** Your task **
Without any images, write the listing below out word for word.
____ The data
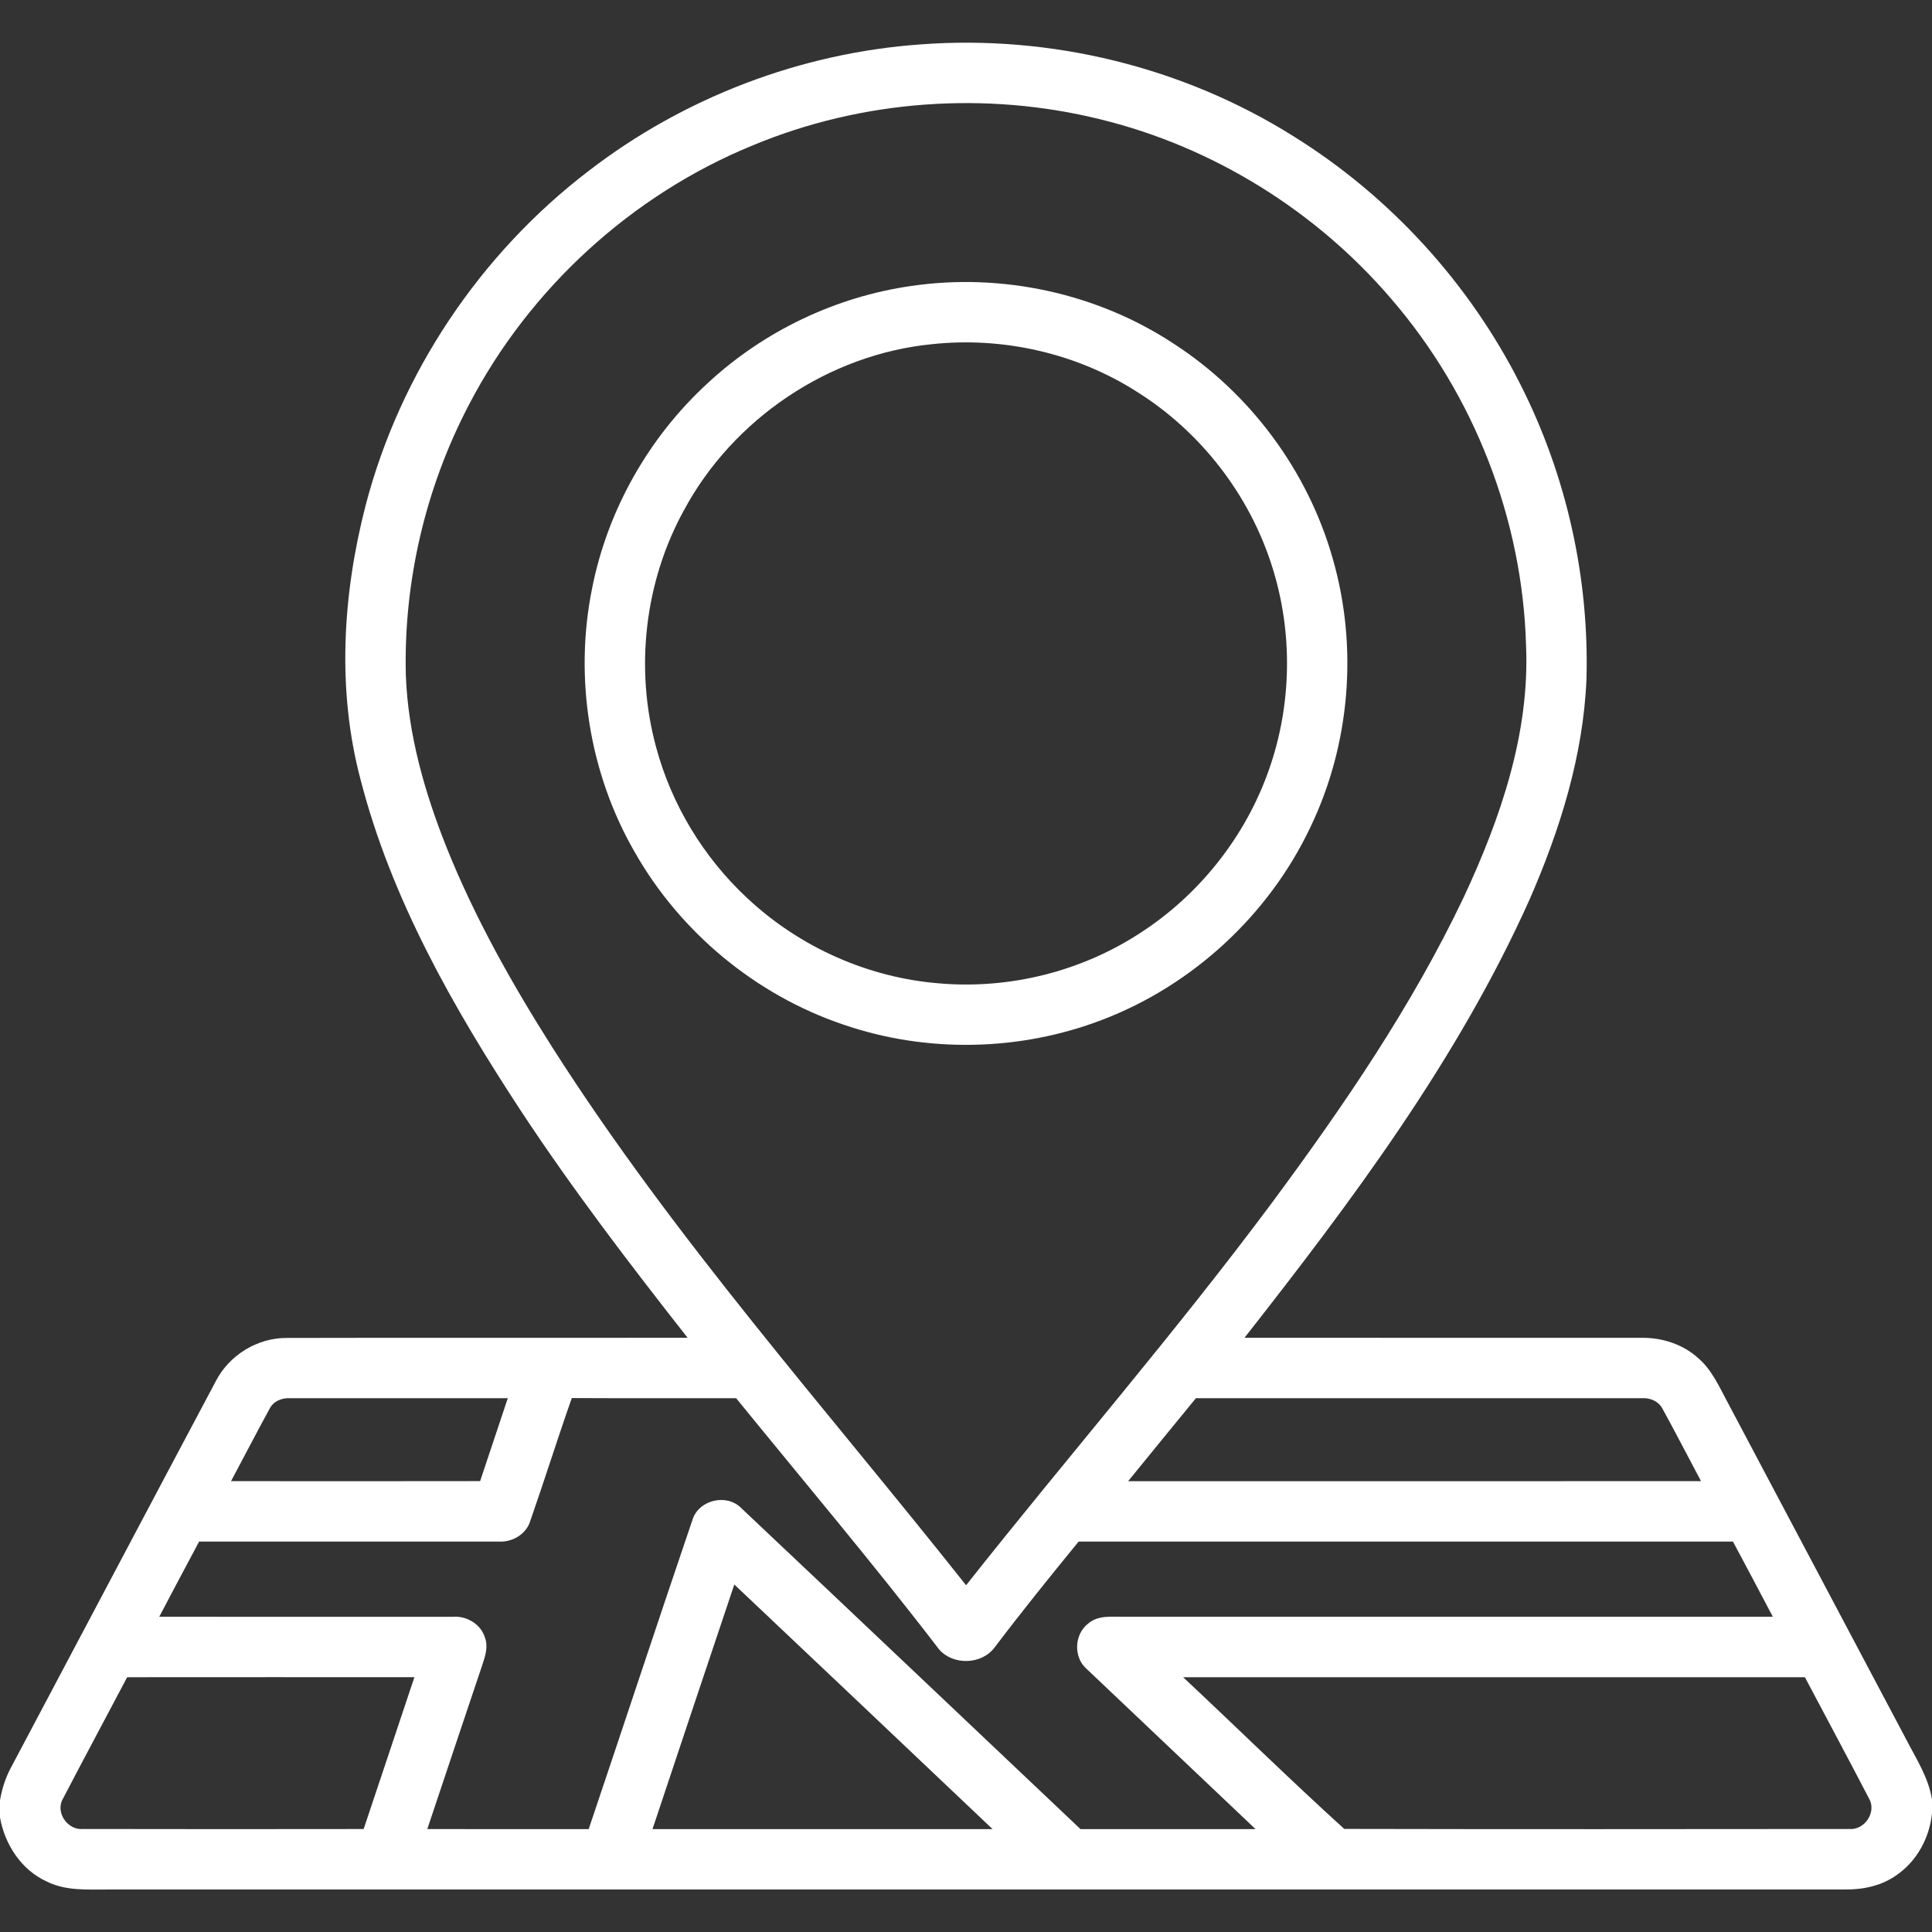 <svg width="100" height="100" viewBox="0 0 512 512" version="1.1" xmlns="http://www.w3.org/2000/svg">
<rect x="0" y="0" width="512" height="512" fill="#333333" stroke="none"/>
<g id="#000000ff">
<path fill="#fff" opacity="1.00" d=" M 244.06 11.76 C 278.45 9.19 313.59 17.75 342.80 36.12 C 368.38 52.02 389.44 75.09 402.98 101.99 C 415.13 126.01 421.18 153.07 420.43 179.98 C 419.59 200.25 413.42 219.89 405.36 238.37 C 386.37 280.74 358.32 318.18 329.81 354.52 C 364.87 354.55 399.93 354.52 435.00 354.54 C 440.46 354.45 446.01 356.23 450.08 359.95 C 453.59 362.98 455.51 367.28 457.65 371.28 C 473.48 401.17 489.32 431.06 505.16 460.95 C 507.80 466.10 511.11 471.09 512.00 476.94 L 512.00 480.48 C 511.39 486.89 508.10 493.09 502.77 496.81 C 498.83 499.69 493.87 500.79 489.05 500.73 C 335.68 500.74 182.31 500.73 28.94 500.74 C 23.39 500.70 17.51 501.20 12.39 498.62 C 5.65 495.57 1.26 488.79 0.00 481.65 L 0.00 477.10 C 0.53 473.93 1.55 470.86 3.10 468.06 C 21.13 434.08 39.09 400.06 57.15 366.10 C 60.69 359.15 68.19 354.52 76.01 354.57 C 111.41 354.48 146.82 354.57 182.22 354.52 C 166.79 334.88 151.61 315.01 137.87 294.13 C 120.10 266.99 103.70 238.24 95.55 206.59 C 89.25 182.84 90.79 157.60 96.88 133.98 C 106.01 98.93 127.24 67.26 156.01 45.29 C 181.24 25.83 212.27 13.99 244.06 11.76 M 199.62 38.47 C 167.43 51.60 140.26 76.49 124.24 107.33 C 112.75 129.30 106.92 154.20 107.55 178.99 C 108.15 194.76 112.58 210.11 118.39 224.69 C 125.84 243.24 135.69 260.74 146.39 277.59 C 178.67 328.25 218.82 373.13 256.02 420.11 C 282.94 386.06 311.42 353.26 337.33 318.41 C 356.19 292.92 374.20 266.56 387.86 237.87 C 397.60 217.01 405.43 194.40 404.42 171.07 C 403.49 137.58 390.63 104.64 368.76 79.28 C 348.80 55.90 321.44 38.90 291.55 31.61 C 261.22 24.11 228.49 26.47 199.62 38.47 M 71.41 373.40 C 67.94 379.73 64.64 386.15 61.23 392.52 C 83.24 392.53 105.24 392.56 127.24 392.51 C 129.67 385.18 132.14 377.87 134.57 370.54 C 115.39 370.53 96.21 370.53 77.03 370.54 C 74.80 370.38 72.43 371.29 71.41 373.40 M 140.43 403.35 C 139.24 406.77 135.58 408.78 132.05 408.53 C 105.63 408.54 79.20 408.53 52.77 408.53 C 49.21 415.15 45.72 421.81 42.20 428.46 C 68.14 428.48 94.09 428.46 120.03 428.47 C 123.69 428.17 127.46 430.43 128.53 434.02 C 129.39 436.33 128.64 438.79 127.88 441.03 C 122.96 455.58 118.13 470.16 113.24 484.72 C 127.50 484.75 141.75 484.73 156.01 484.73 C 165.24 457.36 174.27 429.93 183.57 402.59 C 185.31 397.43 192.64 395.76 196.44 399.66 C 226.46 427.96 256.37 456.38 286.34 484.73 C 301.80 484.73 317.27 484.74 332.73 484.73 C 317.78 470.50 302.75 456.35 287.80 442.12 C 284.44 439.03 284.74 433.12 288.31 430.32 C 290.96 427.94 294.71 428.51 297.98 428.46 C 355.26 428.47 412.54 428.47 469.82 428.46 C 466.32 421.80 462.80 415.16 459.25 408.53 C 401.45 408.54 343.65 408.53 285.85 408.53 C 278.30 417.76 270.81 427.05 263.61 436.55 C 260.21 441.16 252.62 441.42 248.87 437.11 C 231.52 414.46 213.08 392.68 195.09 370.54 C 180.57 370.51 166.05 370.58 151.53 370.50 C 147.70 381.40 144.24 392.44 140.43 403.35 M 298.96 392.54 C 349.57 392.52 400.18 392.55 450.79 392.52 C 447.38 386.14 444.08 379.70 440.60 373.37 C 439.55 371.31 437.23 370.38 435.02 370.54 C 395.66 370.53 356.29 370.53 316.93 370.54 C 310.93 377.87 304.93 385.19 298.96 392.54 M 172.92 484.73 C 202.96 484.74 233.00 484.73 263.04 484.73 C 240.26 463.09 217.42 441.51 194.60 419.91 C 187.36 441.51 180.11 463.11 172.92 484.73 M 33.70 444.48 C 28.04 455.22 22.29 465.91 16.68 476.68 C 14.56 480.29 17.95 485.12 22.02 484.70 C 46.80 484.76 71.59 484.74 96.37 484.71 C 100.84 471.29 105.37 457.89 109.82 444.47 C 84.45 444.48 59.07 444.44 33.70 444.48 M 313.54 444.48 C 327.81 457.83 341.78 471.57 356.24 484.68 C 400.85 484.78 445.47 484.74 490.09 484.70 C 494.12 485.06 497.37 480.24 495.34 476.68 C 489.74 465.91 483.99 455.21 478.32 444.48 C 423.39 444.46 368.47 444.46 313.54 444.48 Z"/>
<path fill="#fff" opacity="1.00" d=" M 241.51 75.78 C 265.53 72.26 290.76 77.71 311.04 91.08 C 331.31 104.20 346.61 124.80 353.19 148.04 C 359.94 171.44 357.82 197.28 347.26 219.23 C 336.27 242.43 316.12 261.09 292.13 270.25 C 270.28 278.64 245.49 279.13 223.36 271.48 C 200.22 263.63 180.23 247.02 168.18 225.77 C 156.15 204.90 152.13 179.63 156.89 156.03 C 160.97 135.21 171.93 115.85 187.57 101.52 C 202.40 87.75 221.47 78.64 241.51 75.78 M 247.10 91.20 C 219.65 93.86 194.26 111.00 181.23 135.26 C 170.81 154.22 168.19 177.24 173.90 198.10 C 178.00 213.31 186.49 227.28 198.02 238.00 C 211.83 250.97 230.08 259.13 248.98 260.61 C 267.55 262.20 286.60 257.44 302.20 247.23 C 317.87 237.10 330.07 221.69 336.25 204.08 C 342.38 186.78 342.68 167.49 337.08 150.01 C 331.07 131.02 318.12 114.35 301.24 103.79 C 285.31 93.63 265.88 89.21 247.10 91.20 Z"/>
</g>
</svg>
________
** Answer to the exercise **
 <svg width="100" height="100" viewBox="0 0 512 512" version="1.1" xmlns="http://www.w3.org/2000/svg">
<rect x="0" y="0" width="512" height="512" fill="#333333" stroke="none"/>
<g id="#000000ff">
<path fill="#fff" opacity="1.00" d=" M 244.06 11.76 C 278.45 9.19 313.59 17.75 342.80 36.12 C 368.38 52.02 389.44 75.09 402.98 101.99 C 415.13 126.01 421.18 153.07 420.43 179.98 C 419.59 200.25 413.42 219.89 405.36 238.37 C 386.37 280.74 358.32 318.18 329.81 354.52 C 364.87 354.55 399.93 354.52 435.00 354.54 C 440.46 354.45 446.01 356.23 450.08 359.95 C 453.59 362.98 455.51 367.28 457.65 371.28 C 473.48 401.17 489.32 431.06 505.16 460.95 C 507.80 466.10 511.11 471.09 512.00 476.94 L 512.00 480.48 C 511.39 486.89 508.10 493.09 502.77 496.81 C 498.83 499.69 493.87 500.79 489.05 500.73 C 335.68 500.74 182.31 500.73 28.94 500.74 C 23.39 500.70 17.51 501.20 12.39 498.62 C 5.65 495.57 1.26 488.79 0.00 481.65 L 0.00 477.10 C 0.53 473.93 1.55 470.86 3.10 468.06 C 21.13 434.08 39.09 400.06 57.15 366.10 C 60.69 359.15 68.19 354.52 76.01 354.57 C 111.41 354.48 146.82 354.57 182.22 354.52 C 166.79 334.88 151.61 315.01 137.87 294.13 C 120.10 266.99 103.70 238.24 95.55 206.59 C 89.25 182.84 90.79 157.60 96.88 133.98 C 106.01 98.93 127.24 67.26 156.01 45.29 C 181.24 25.83 212.27 13.99 244.06 11.76 M 199.62 38.47 C 167.43 51.60 140.26 76.49 124.24 107.33 C 112.75 129.30 106.92 154.20 107.55 178.99 C 108.15 194.76 112.58 210.11 118.39 224.69 C 125.84 243.24 135.69 260.74 146.39 277.59 C 178.67 328.25 218.82 373.13 256.02 420.11 C 282.94 386.06 311.42 353.26 337.33 318.41 C 356.19 292.92 374.20 266.56 387.86 237.87 C 397.60 217.01 405.43 194.40 404.42 171.07 C 403.49 137.58 390.63 104.64 368.76 79.28 C 348.80 55.90 321.44 38.90 291.55 31.61 C 261.22 24.11 228.49 26.47 199.62 38.47 M 71.41 373.40 C 67.94 379.73 64.64 386.15 61.23 392.52 C 83.24 392.53 105.24 392.56 127.24 392.51 C 129.67 385.18 132.14 377.87 134.57 370.54 C 115.39 370.53 96.21 370.53 77.03 370.54 C 74.80 370.38 72.43 371.29 71.41 373.40 M 140.43 403.35 C 139.24 406.77 135.58 408.78 132.05 408.53 C 105.63 408.54 79.20 408.53 52.77 408.53 C 49.21 415.15 45.72 421.81 42.20 428.46 C 68.14 428.48 94.09 428.46 120.03 428.47 C 123.69 428.17 127.46 430.43 128.53 434.02 C 129.39 436.33 128.64 438.79 127.88 441.03 C 122.96 455.58 118.13 470.16 113.24 484.72 C 127.50 484.75 141.75 484.73 156.01 484.73 C 165.24 457.36 174.27 429.93 183.57 402.59 C 185.31 397.43 192.64 395.76 196.44 399.66 C 226.46 427.96 256.37 456.38 286.34 484.73 C 301.80 484.73 317.27 484.74 332.73 484.73 C 317.78 470.50 302.75 456.35 287.80 442.12 C 284.44 439.03 284.74 433.12 288.31 430.32 C 290.96 427.94 294.71 428.51 297.98 428.46 C 355.26 428.47 412.54 428.47 469.82 428.46 C 466.32 421.80 462.80 415.16 459.25 408.53 C 401.45 408.54 343.65 408.53 285.85 408.53 C 278.30 417.76 270.81 427.05 263.61 436.55 C 260.21 441.16 252.62 441.42 248.87 437.11 C 231.52 414.46 213.08 392.68 195.09 370.54 C 180.57 370.51 166.05 370.58 151.53 370.50 C 147.70 381.40 144.24 392.44 140.43 403.35 M 298.96 392.54 C 349.57 392.52 400.18 392.55 450.79 392.52 C 447.38 386.14 444.08 379.70 440.60 373.37 C 439.55 371.31 437.23 370.38 435.02 370.54 C 395.66 370.53 356.29 370.53 316.93 370.54 C 310.93 377.87 304.93 385.19 298.96 392.54 M 172.92 484.73 C 202.96 484.74 233.00 484.73 263.04 484.73 C 240.26 463.09 217.42 441.51 194.60 419.91 C 187.36 441.51 180.11 463.11 172.92 484.73 M 33.70 444.48 C 28.04 455.22 22.29 465.91 16.68 476.68 C 14.56 480.29 17.95 485.12 22.02 484.70 C 46.80 484.76 71.59 484.74 96.37 484.71 C 100.84 471.29 105.37 457.89 109.82 444.47 C 84.45 444.48 59.07 444.44 33.70 444.48 M 313.54 444.48 C 327.81 457.83 341.78 471.57 356.24 484.68 C 400.85 484.78 445.47 484.74 490.09 484.70 C 494.12 485.06 497.37 480.24 495.34 476.68 C 489.74 465.91 483.99 455.21 478.32 444.48 C 423.39 444.46 368.47 444.46 313.54 444.48 Z"/>
<path fill="#fff" opacity="1.00" d=" M 241.51 75.78 C 265.53 72.26 290.76 77.71 311.04 91.08 C 331.31 104.20 346.61 124.80 353.19 148.04 C 359.94 171.44 357.82 197.28 347.26 219.23 C 336.27 242.43 316.12 261.09 292.13 270.25 C 270.28 278.64 245.49 279.13 223.36 271.48 C 200.22 263.63 180.23 247.02 168.18 225.77 C 156.15 204.90 152.13 179.63 156.89 156.03 C 160.97 135.21 171.93 115.85 187.57 101.52 C 202.40 87.75 221.47 78.64 241.51 75.78 M 247.10 91.20 C 219.65 93.86 194.26 111.00 181.23 135.26 C 170.81 154.22 168.19 177.24 173.90 198.10 C 178.00 213.31 186.49 227.28 198.02 238.00 C 211.83 250.97 230.08 259.13 248.98 260.61 C 267.55 262.20 286.60 257.44 302.20 247.23 C 317.87 237.10 330.07 221.69 336.25 204.08 C 342.38 186.78 342.68 167.49 337.08 150.01 C 331.07 131.02 318.12 114.35 301.24 103.79 C 285.31 93.63 265.88 89.21 247.10 91.20 Z"/>
</g>
</svg>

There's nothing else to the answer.